_Activity_: What lines of the data hold the string "Findings"? Copy them all.
── Given data
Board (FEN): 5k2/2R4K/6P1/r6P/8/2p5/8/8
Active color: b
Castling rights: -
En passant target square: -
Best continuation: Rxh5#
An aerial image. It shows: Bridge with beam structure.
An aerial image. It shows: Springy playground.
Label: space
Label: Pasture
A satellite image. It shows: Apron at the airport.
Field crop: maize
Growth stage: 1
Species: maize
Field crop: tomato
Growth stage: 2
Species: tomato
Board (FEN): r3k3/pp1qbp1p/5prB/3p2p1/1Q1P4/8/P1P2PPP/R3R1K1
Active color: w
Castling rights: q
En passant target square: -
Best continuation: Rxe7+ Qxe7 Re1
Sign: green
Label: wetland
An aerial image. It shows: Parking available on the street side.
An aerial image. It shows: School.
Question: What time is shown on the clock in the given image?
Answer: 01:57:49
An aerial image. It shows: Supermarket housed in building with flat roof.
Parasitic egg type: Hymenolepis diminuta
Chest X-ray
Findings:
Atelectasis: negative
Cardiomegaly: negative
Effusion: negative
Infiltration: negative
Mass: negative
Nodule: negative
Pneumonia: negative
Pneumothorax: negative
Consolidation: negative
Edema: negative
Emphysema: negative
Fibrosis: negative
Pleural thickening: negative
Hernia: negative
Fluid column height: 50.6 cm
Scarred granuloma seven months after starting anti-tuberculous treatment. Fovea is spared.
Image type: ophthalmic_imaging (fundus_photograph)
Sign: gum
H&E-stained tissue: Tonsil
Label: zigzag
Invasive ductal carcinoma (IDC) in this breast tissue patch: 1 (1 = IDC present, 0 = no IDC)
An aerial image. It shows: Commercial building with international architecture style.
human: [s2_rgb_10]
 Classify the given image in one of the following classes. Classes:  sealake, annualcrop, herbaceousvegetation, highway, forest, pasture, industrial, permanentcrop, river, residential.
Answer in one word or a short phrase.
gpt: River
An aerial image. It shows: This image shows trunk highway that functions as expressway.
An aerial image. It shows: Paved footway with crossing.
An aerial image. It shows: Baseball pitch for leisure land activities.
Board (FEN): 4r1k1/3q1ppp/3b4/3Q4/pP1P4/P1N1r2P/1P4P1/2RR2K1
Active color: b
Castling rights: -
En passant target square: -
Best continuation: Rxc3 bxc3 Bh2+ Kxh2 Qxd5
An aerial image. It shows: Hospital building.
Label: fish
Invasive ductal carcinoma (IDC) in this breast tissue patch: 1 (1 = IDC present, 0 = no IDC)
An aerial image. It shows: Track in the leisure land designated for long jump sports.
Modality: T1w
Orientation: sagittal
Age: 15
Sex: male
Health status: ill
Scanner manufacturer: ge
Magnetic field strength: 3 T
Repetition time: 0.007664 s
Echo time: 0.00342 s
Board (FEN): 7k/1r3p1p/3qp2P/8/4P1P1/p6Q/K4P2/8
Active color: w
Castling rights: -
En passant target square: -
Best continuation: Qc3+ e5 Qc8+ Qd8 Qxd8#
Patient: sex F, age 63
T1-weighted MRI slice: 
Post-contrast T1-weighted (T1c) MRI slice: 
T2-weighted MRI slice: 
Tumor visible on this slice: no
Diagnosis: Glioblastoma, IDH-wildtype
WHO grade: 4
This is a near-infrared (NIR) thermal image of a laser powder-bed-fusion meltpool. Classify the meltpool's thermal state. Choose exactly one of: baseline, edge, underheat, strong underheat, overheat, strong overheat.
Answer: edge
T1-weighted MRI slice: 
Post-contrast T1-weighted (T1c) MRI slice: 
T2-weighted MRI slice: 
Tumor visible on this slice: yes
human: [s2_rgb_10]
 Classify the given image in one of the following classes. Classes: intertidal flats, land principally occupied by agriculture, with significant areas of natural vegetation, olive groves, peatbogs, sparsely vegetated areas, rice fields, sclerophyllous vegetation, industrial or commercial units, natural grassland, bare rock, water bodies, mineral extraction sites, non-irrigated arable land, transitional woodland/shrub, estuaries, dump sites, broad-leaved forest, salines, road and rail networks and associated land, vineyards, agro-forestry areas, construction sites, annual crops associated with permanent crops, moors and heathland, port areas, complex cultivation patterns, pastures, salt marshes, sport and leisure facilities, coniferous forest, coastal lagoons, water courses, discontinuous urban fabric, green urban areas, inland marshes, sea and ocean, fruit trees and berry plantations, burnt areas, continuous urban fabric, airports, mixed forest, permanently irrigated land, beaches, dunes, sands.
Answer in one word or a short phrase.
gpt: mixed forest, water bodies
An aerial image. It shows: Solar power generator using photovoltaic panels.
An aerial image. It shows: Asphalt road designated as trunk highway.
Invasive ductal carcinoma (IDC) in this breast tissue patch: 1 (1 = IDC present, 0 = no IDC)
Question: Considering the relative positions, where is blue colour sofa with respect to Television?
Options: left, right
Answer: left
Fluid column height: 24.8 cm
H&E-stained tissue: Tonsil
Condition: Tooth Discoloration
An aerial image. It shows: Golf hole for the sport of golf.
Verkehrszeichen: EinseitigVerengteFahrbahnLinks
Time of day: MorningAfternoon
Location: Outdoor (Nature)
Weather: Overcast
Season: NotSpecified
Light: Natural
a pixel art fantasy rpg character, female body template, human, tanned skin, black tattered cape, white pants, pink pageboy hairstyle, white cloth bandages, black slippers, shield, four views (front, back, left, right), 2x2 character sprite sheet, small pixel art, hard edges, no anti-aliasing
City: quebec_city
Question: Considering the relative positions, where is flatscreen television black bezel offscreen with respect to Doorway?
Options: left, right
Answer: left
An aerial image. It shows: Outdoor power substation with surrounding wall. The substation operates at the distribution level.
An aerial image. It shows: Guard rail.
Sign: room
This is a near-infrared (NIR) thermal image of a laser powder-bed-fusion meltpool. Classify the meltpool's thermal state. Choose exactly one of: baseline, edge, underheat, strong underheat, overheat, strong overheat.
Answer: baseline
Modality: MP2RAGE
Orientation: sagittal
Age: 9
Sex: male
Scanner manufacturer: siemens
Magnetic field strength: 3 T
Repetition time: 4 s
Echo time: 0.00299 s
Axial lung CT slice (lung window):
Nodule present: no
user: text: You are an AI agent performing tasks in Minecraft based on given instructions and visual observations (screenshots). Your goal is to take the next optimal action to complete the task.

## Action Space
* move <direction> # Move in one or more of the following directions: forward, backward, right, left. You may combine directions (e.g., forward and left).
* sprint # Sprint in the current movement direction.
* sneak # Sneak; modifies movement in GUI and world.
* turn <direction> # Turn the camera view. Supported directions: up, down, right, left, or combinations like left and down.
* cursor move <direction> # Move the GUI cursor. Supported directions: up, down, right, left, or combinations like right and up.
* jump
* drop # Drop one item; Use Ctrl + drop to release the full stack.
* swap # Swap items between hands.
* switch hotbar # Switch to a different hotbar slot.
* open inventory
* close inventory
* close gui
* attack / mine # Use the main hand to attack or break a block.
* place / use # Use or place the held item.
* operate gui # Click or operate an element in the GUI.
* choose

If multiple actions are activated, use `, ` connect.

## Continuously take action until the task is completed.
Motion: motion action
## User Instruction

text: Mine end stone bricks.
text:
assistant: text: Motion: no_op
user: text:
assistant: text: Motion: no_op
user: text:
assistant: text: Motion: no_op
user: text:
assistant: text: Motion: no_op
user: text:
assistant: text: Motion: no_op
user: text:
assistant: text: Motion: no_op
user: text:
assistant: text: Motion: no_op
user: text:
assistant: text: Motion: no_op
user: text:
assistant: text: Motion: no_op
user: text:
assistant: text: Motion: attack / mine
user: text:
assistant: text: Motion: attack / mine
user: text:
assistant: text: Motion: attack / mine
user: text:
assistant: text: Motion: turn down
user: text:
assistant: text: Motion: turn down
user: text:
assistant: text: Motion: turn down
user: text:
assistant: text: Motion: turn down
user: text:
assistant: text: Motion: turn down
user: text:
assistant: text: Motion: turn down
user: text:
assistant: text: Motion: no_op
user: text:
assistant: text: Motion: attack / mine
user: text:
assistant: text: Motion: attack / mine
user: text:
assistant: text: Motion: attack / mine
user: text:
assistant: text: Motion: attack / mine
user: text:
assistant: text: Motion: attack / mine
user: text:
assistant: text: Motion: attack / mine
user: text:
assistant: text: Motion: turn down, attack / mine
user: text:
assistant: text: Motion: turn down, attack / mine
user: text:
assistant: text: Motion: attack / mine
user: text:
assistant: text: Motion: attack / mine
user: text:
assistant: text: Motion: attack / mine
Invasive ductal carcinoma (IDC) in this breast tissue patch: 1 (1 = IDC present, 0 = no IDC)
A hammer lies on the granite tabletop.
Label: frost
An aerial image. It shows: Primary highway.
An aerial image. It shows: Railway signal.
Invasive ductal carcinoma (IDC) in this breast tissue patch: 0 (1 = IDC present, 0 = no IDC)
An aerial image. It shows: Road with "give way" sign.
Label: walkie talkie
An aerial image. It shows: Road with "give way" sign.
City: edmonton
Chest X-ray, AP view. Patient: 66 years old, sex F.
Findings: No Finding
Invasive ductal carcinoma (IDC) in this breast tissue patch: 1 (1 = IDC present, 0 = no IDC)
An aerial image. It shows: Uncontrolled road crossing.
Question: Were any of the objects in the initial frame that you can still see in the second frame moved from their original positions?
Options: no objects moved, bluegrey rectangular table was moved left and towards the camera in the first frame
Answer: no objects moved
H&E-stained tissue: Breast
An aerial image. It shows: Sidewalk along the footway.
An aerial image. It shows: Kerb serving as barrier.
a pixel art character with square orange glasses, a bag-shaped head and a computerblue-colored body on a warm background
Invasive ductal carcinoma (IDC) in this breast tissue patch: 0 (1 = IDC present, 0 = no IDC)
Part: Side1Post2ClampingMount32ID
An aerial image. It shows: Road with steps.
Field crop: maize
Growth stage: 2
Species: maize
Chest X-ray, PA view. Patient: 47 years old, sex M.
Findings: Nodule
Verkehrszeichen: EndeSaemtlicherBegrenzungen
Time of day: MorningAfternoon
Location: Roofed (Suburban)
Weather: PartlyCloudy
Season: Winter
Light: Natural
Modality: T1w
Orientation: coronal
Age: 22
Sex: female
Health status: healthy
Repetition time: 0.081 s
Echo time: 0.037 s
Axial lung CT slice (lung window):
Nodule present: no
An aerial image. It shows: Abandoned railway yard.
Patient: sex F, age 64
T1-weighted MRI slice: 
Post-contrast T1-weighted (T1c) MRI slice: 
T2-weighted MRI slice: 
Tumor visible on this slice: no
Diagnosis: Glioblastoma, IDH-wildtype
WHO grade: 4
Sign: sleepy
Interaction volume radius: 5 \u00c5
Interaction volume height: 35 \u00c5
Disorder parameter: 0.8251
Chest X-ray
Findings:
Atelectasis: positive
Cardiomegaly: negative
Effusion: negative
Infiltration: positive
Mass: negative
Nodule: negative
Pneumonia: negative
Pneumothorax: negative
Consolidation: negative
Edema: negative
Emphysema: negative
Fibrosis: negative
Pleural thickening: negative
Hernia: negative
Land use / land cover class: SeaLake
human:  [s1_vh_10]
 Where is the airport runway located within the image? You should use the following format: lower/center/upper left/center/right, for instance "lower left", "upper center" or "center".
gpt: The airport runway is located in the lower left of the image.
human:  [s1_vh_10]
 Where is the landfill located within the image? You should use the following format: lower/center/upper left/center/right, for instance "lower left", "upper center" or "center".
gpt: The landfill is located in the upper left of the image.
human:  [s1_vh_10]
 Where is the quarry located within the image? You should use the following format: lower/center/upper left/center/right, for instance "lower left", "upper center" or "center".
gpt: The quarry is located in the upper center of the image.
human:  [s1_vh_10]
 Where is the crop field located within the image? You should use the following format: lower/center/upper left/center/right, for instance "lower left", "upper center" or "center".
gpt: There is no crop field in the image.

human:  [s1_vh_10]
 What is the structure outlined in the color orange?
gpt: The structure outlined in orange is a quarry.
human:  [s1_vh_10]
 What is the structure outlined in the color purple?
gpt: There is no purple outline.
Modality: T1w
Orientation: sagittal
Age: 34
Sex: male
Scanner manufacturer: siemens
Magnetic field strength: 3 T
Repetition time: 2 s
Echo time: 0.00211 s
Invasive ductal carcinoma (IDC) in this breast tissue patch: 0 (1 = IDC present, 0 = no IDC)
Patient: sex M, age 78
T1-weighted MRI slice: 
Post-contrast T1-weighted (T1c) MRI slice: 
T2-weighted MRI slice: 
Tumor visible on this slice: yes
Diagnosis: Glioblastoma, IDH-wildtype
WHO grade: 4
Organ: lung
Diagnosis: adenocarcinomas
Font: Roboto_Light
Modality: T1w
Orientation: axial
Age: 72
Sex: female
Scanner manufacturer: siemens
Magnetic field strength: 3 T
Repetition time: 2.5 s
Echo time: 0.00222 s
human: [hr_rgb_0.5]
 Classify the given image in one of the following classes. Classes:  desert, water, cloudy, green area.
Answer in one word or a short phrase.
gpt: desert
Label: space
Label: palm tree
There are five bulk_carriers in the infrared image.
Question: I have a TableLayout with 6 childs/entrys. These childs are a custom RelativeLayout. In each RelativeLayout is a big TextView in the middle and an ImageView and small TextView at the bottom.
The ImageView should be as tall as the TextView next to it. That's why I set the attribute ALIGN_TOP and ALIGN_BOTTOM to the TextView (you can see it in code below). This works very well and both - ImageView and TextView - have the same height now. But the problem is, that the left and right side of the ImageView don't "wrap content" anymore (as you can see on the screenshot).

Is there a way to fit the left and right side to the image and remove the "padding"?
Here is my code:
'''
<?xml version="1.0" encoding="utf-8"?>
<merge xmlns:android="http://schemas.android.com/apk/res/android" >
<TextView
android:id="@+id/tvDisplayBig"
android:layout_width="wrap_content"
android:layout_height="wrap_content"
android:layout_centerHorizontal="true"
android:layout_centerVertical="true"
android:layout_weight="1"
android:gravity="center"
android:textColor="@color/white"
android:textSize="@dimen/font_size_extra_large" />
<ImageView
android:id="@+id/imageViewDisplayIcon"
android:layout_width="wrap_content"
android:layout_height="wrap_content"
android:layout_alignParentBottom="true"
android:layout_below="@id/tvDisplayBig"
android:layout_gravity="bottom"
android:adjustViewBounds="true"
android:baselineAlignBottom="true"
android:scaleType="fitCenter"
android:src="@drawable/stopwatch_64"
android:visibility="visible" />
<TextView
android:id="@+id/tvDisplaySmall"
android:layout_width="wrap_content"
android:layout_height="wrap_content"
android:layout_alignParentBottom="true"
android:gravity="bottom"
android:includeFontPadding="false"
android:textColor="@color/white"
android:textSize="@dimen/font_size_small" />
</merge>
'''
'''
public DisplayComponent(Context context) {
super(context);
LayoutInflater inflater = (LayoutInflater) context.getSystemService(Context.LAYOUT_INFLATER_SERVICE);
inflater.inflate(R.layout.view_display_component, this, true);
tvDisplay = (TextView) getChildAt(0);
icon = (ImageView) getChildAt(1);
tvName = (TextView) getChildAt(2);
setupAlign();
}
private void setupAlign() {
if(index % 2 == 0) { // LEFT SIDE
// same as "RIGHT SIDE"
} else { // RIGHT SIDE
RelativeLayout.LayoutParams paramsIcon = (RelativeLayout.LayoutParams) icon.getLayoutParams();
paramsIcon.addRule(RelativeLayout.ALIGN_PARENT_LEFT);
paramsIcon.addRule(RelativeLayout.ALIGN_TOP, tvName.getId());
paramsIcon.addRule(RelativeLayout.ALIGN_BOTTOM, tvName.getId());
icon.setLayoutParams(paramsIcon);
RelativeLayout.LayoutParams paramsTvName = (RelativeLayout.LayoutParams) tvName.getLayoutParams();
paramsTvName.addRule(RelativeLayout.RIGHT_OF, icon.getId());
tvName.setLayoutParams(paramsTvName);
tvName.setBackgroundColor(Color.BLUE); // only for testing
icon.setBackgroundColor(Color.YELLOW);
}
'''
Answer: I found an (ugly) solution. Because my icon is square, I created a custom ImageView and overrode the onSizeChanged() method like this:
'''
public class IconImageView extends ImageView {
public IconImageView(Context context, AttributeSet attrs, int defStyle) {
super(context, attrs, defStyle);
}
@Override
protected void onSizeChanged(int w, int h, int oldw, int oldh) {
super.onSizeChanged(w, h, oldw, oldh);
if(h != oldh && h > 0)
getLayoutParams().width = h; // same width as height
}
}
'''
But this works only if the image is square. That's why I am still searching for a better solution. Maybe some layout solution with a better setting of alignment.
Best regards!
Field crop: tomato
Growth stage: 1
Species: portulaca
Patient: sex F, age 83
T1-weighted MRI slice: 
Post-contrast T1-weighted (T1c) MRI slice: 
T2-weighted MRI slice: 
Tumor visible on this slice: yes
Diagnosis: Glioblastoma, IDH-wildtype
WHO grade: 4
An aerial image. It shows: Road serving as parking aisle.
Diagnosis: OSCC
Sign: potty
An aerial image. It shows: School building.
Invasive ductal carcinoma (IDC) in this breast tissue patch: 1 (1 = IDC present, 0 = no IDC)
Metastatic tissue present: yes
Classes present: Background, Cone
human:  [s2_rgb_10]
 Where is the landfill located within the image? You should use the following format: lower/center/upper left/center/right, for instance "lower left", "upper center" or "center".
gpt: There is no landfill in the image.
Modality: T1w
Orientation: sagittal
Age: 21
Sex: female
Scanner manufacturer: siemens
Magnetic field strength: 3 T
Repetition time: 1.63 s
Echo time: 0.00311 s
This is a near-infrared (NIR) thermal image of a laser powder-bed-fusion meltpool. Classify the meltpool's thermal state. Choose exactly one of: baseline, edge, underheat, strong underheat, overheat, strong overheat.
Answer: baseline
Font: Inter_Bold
────
_Task output_:
Findings:
Findings: No Finding
Findings: Nodule
Findings:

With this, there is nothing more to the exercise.